物語の設定は非常に複雑なものとなっています。ここでは世界的なポルノグラフィーのサイトに関する4つの企業が出てきまますが、まずヴォルフ社という大企業が、3Dポルノグラフィーの革命と言われる日本の東京アニメ社を買収するプロジェクトを進めています。主人公ディアーヌは、その中心的なメンバーとして働いているフランス人女性です。
その一方で、ヴォルフ社のウェブサイトの独占獲得権を巡って、デーモンラヴァー社とマンガトロニクス社がひそかに動きあっているという状況があり、ディアーヌはヴォルフ社とデーモンラヴァー社の交渉阻止をしようとしているマンガトロニクス社のスパイです。
彼女は冷静で有能で、スパイとして自分を、状況を、コントロールできている自信を持っている人間ですが、実はデーモンラヴァー社のスパイもヴォルフ社に潜伏していて、ディアーヌはどんどん窮地に落とされていくという話です。ディアーヌは長身で知的で洗練された美しさを持っていますが(彼女のイメージは、アニメの「攻殻機動隊」の草薙素子を思わせるような女性像に近いと言っていいでしょう。)、その彼女がレイプや殺人、監禁などに巻き込まれていくギャップとショックが現実感が喪失されていく感覚を作り出しています。

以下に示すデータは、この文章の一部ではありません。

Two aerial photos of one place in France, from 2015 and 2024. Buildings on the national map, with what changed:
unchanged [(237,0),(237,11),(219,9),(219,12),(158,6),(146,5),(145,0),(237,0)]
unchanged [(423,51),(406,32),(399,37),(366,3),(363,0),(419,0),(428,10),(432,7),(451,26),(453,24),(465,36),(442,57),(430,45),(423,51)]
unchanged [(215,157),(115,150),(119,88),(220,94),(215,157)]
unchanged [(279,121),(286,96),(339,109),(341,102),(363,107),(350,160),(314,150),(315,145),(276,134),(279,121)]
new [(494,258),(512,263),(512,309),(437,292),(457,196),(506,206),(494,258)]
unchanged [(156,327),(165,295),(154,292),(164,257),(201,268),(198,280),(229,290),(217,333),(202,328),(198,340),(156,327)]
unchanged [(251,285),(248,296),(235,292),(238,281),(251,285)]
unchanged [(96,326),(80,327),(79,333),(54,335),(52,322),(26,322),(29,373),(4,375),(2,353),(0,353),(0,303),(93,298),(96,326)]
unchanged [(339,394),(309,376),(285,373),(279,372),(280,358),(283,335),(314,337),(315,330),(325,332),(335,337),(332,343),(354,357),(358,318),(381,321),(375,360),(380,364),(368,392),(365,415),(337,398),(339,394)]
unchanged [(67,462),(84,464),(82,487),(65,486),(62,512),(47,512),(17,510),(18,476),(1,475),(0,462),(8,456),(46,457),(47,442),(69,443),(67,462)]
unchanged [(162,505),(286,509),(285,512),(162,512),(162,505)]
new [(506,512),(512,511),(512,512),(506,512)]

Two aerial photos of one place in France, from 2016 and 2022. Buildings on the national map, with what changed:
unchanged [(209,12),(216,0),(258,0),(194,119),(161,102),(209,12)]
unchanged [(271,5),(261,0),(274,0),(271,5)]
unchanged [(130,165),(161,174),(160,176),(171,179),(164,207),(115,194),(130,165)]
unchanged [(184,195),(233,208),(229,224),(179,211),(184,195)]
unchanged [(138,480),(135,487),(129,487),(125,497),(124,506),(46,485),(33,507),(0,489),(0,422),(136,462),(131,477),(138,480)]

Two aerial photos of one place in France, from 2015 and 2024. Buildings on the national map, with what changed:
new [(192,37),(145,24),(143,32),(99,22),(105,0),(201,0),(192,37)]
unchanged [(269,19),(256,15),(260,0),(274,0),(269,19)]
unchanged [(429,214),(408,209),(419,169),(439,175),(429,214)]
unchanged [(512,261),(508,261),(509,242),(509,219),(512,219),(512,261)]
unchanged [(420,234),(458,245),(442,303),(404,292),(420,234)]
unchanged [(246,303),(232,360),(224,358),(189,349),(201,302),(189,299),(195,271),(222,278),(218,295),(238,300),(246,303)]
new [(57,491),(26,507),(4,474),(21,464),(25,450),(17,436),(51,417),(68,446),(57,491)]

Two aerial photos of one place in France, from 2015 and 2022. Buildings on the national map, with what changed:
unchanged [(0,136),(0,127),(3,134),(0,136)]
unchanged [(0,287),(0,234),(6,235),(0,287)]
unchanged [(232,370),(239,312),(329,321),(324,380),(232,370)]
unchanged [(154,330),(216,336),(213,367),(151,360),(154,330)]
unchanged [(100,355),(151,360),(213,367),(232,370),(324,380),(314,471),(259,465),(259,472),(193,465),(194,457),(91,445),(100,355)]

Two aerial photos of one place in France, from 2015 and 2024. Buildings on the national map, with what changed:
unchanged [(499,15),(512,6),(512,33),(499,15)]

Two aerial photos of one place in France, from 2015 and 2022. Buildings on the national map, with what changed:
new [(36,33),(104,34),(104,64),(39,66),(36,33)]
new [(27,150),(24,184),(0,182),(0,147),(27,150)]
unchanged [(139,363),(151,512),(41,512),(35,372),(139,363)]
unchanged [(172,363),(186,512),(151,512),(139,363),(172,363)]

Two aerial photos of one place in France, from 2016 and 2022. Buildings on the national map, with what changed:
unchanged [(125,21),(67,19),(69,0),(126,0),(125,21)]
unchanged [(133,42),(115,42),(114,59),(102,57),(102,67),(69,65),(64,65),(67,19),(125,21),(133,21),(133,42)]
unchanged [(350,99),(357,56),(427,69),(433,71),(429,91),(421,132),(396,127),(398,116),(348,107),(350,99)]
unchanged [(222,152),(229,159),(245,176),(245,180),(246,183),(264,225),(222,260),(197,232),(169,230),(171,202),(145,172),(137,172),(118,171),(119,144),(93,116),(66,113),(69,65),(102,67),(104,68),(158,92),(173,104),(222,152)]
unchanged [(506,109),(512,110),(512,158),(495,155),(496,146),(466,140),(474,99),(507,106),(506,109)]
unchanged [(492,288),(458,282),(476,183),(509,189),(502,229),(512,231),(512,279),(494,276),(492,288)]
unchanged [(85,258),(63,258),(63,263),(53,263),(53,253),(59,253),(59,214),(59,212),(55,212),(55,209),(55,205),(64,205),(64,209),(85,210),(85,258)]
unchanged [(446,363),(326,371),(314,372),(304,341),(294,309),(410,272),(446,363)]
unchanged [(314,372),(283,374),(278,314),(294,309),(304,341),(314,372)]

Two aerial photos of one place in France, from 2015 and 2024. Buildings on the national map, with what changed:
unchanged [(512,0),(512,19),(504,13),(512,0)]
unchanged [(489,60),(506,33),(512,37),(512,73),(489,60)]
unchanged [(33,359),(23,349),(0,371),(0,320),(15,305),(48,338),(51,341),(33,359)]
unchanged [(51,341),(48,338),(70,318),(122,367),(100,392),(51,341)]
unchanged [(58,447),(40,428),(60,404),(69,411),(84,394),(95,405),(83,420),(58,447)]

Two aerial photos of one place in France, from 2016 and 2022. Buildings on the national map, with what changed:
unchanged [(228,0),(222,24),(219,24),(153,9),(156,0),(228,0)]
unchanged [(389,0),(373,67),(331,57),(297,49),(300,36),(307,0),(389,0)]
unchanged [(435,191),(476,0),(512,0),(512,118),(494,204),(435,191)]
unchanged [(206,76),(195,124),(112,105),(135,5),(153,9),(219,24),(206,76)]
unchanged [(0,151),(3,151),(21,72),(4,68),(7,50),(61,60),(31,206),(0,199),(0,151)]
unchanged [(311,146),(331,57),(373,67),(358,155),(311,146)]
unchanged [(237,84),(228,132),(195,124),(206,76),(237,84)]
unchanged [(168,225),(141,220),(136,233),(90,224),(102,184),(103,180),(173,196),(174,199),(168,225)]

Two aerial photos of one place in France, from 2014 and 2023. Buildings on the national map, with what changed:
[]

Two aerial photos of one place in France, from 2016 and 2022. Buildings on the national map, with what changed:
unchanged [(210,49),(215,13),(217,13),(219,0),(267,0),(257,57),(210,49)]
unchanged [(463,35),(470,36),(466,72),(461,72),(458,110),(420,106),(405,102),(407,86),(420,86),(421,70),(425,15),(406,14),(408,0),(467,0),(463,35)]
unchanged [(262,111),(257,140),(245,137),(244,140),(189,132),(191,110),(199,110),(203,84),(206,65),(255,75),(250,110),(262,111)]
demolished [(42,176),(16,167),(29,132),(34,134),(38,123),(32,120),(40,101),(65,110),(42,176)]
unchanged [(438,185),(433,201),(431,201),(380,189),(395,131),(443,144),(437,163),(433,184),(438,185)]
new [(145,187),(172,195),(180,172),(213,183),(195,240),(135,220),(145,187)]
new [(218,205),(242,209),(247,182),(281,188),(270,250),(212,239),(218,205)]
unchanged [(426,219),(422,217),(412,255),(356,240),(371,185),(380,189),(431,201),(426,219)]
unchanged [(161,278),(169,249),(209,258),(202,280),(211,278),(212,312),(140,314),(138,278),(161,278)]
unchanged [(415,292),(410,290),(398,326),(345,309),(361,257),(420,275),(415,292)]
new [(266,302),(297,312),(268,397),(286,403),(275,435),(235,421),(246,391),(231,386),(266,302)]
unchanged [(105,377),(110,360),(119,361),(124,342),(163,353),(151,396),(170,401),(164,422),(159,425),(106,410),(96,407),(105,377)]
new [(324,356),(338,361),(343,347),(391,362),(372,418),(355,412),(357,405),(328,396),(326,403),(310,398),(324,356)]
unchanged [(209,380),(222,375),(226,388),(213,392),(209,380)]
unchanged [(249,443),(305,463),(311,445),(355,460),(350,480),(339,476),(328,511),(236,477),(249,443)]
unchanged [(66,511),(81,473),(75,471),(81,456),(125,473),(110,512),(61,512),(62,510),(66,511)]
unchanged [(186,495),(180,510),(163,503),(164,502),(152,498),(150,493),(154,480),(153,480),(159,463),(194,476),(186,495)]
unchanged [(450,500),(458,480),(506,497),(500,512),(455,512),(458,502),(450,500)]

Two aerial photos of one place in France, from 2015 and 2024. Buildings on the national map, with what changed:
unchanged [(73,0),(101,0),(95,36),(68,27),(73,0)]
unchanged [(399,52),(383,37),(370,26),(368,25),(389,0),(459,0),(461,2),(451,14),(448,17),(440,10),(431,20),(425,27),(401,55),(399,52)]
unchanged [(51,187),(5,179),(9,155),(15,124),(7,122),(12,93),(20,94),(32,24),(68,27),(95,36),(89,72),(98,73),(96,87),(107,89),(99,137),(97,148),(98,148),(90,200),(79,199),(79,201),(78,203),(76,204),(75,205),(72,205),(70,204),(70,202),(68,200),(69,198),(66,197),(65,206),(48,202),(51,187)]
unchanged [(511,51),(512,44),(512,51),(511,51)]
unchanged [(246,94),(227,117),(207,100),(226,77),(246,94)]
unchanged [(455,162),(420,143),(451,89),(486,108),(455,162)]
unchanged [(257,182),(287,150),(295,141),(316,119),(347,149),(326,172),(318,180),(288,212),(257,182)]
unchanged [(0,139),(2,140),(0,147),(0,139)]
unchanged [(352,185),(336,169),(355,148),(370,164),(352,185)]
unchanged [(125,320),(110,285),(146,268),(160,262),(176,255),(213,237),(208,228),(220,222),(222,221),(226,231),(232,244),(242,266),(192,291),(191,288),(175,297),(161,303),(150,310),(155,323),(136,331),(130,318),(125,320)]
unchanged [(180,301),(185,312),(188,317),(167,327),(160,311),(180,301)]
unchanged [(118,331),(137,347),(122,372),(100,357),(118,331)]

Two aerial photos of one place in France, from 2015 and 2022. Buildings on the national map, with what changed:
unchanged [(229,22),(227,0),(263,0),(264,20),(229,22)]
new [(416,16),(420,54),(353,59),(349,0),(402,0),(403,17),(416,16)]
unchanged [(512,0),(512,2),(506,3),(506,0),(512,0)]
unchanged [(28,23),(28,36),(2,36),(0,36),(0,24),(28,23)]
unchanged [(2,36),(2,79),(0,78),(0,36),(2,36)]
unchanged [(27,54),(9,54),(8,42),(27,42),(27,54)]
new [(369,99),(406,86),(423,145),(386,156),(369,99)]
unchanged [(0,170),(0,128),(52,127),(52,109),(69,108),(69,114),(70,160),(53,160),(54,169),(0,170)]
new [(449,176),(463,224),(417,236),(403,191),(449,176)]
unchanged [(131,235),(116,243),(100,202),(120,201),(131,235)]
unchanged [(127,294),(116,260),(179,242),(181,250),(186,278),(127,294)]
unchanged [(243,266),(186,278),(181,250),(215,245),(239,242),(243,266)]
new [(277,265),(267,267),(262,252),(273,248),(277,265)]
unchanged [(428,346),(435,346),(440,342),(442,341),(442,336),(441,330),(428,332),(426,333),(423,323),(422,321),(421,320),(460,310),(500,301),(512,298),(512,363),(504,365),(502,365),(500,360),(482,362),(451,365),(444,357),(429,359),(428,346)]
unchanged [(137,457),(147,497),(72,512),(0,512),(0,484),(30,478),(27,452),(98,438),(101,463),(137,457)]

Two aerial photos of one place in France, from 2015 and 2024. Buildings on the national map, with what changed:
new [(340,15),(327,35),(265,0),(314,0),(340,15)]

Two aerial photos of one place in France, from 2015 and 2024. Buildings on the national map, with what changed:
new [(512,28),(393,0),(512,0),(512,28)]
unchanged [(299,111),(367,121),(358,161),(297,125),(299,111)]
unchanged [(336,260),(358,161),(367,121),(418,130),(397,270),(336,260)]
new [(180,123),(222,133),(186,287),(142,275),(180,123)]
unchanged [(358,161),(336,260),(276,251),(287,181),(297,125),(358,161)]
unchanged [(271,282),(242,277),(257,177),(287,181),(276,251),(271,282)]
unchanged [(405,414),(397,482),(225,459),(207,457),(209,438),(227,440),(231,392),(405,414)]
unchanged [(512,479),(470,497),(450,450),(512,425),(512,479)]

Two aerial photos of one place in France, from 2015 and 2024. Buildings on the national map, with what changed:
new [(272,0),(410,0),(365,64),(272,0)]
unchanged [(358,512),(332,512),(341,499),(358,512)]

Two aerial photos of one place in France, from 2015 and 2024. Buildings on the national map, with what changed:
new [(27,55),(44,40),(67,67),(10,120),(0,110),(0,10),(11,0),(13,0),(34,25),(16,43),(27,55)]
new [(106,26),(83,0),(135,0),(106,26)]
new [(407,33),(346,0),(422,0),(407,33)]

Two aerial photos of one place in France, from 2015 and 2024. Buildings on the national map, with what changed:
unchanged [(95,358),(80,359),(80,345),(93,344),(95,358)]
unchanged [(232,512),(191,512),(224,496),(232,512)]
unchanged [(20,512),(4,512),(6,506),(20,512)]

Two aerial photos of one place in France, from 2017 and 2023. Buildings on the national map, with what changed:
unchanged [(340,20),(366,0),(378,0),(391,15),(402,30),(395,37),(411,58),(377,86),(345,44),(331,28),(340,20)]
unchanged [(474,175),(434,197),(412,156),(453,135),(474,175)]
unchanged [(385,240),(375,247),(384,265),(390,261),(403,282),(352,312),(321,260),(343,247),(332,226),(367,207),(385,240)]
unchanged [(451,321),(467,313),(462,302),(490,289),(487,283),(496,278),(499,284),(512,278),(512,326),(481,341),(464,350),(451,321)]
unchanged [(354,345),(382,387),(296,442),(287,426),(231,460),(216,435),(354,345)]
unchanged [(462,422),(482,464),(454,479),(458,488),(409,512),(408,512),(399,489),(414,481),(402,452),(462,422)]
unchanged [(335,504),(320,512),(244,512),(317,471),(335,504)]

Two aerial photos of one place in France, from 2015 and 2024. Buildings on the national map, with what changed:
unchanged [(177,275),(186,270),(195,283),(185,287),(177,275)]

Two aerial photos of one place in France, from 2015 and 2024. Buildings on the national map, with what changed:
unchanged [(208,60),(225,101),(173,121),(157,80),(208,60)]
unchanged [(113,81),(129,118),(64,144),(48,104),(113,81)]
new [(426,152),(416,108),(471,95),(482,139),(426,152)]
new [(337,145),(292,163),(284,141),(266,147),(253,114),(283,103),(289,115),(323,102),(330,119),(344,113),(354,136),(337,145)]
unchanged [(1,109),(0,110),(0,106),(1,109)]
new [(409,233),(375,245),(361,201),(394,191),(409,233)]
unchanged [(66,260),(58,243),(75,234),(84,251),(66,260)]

デーモンラヴァー社と、マンガトロニクス社のスパイ抗争が描かれるわけですが、フランス、アメリカ、東京、メキシコなどのさまざまな国、国籍の人間が話に関わってきます。今日における巨大企業というものが国よりも単位、範囲が大きくなり非常に広い活動をしている。そしてこの映画で多く出てくるインターネットもまた距離の概念が失われるので、場所、国境や、時差がかなりあやふやな中で、登場人物はさまざまな場所へ移動し続けています。
物語の設定が非常に複雑であるにもかかわらず、最小限の説明で展開されるこの映画では、車やガラス、エレベーター、ネットやポルノ映像の画面、ネオンが、独特のリズムとエモーションを作り出しています。音響はSonic Youthが担当していて、彼らは今回音楽的なものを抑制してかなり仕事に徹していますが、非常に効果的なものを作り出しています。
また、ヴァーチャルなものと現実的なものの境界線が危うい世界に関わりながら、さらスパイという二重性を強いられた主人公たちが、水面下の中でさまざまな抗争を繰り広げ、より過激さとスピード感を増していく。そういった中でアサイヤスは非常に映画におけるカメラの可能性を強く信じていて(これはヌーベルバーグ、ゴダールの意識を強く継承しているところです)、これが現実なのか、それともディアーヌが見ている悪夢なのかよくわからなくなっていく、つまり観客が証人、目撃者としての役割を見失っていく中で、逆にカメラに映し出される個々の要素は、物語に隷属されることない独特のエモーションを作り出していく。その感覚は非常に現代的で新しさを持っているものであり、アサイヤスのすばらしいところだと思います。
※添付している画像と映画は関係ありません。